PSA_LEVEL-UP_QNR17. A and B can do a job in 20 and 30 days respectively. If both of them work on the job together, when would they finish 75% of it?
1) 8 days
2) 9 days
4) 12 days
Let us assume work to be of 1 unit.
A’s one day work = 1/20
B’s one day work = 1/30
In one day, they finish = 1/20 + 1/30 = 1/12
1/12 units of the work is finished in 1 day.
1 unit of work is finished in 12 days.
3/4 units of work is finished in [3/4] * 12 = 9 days. Option (2).
Let us assume work to be of 60 units [LCM of involved numbers 20 and 30 is 60].
Task is to finish 75% of the work i.e 75% of 60 = 45 units.
A’s one day work = 60/20 = 3 units
B’s one day work = 60/30 = 2 units
Together they finish, 5 units each day. To finish 45 units they would need 9 days. Option (2).
Aspirants can solve most of the Time and Work questions using LCM method to do away with any need of solving it on paper.

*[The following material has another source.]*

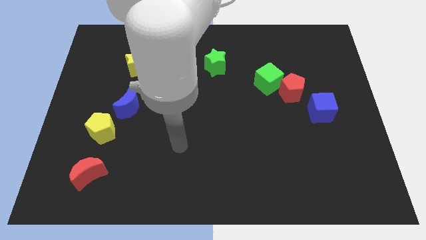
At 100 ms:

And they can solve it quickly mentally this way.
Shortcut to calculate number of days required by A and B when both are working together = nA * nB / (nA + nB)
Where, nA = number of days A requires to finish the work alone.
nB = number of days B requires to finish the work alone.
Here, the value comes out to be = 20*30/(20+30) = 600/50 = 12 days.
Since, the question asks about “75% of the total work”, the time taken would be 3/4th of 12 days or 9 days. Option (2).